599 F.2d 26, 101 L.R.R.M. (BNA) 2247, 1979 U.S. App. LEXIS 14933
CourtCourt of Appeals for the Second Circuit
DecidedMay 3, 1979
Docket163, Docket 78-4054
StatusPublished
Cited by12 cases

This text of 599 F.2d 26 (National Labor Relations Board v. Henlopen Manufacturing Co., Inc.) is published on Counsel Stack Legal Research, covering Court of Appeals for the Second Circuit primary law. Counsel Stack provides free access to over 12 million legal documents including statutes, case law, regulations, and constitutions.

Bluebook
National Labor Relations Board v. Henlopen Manufacturing Co., Inc., 599 F.2d 26, 101 L.R.R.M. (BNA) 2247, 1979 U.S. App. LEXIS 14933 (2d Cir. 1979).

Opinions

MOORE, Circuit Judge:

The National Labor Relations Board (the “Board”), is petitioning for enforcement of its order, 235 N.L.R.B. No. 33 (1978), issued against Henlopen Manufacturing Co. (the “Company”), on March 17,1978, pursuant to § 10(e) of the National Labor Relations Act (“NLRA” or the “Act”), 29 U.S.C. § 160(e) (1976). The order affirmed the rulings, findings and conclusions of the Administrative Law Judge (“ALJ”) except for a minor modification of the remedy. The ALJ’s decision, in turn, was made after a trial upon a complaint, which according to the AU, alleged that the Company

“violated Section 8(a)(1) of the Act by soliciting grievances from its employees in order to discourage interest in the Charging Party unions which were seeking to organize its employees, by threatening employees with discharge, elimination of part-time work and institution of a more onerous production quota system if they supported the unions, and by promising and granting benefits, including a new work-incentive plan, in order to induce employees to refrain from supporting the unions.”
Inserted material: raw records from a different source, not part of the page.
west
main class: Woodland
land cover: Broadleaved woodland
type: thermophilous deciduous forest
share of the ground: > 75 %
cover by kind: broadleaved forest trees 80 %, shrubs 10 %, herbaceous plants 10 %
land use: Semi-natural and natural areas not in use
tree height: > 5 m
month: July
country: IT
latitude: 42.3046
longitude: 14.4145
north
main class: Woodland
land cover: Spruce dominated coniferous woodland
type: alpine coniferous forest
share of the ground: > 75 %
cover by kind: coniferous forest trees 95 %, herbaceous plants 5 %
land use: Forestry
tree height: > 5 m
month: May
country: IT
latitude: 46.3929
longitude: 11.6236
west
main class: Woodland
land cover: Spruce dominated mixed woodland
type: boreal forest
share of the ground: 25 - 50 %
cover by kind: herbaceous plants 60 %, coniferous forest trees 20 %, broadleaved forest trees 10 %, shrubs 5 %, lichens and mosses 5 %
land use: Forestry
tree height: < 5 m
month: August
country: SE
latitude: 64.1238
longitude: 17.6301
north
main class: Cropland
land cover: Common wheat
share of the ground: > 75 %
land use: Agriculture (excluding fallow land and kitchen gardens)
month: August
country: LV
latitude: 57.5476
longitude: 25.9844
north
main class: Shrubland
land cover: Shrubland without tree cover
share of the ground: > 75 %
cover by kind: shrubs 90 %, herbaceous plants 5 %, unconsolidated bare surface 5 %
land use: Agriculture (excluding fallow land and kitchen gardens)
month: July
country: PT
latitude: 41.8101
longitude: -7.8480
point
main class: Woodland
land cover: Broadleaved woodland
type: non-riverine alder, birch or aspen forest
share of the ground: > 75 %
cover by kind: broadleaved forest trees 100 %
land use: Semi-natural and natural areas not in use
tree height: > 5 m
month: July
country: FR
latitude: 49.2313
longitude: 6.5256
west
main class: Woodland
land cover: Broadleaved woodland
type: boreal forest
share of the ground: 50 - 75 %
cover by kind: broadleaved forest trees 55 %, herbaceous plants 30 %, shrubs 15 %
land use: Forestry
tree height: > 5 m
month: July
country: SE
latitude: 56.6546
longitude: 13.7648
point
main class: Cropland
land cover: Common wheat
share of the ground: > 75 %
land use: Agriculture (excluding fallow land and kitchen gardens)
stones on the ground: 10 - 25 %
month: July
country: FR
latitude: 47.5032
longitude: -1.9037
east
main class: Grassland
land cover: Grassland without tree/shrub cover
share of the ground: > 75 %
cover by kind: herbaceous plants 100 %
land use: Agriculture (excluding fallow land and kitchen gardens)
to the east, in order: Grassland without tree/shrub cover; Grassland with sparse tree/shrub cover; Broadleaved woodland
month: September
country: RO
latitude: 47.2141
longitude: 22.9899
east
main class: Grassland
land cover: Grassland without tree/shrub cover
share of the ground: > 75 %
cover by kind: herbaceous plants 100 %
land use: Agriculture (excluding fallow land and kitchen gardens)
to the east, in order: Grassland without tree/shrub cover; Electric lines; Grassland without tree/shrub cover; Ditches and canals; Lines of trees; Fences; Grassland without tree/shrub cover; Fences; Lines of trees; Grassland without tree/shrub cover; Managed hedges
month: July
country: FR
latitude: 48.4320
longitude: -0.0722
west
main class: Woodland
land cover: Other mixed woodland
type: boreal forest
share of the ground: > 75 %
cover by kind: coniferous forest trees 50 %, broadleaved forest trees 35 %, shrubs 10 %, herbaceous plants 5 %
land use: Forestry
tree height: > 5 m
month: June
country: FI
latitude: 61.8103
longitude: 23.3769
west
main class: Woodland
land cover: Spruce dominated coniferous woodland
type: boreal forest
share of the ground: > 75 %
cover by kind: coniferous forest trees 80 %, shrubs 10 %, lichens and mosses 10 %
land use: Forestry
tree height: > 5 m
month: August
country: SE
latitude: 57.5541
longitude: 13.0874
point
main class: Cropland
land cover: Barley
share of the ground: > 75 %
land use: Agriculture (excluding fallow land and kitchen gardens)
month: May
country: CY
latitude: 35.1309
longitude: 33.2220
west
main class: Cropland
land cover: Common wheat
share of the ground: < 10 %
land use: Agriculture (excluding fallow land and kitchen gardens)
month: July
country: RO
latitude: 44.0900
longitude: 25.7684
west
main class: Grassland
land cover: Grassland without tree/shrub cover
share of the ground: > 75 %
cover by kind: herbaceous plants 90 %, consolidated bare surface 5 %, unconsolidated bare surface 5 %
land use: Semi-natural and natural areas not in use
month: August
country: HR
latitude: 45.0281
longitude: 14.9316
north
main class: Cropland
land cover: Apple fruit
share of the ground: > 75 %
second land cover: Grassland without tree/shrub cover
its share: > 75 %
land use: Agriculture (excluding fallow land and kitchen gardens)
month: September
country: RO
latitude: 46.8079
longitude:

The complaint also alleged that the Company “first transferred employee Cecilia Gar-uona to a more onerous job and then discharged her because of her union activities in violation of Section 8(a)(3) and (1) of the Act”. 29 U.S.C. § 158(a)(3) and (1) (1976). The general purport of the complaint is that the Company by various actions and threats showed such an anti-union animus as to constitute a violation of Section 8.

The Company is a New York corporation located principally in Melville, New York. It manufactures and sells plastic cases and brushes for cosmetics and related products and has some 200 employees. There are two main production areas in the Company’s plant: the molding department, where plastic parts are formed in injection molding machines, and the assembly department, where the plastic parts are put together. During the relevant time period, both the International Industrial Production Employees Union (“IPEU”) and Local 917, International Brotherhood of Teamsters, Chauffeurs, Warehousemen, and Helpers of America (“Teamsters”) were engaged in organizational campaigns at the Company’s Melville plant.

I

In order to establish a context for the issue which is before the court, the various charges which the ALJ dismissed are relevant. These events occurred during organizational campaigns of the IPEU and the Teamsters.

The alleged threat of elimination of the Company’s part-time shift was based upon a Company leaflet or letter circulated on October 11, 1976. As to this letter the ALJ found that the General Counsel had not proven “that the letter threatened reprisals”.

[28]*28Another incident in September involved an employee Fawn Russo, a “paid union organizer trainee” through whom the General Counsel advanced the charge that the Company “solicited grievances, implied that they would be implemented, or actually implemented them in order to discourage union activity”. The ALJ found that the General Counsel had failed to substantiate this charge. Likewise the ALJ found that “the General Counsel has failed to sustain his burden of proving that Respondent [the Company] promised an improved bonus system or threatened more onerous production quotas in violation of the Act”.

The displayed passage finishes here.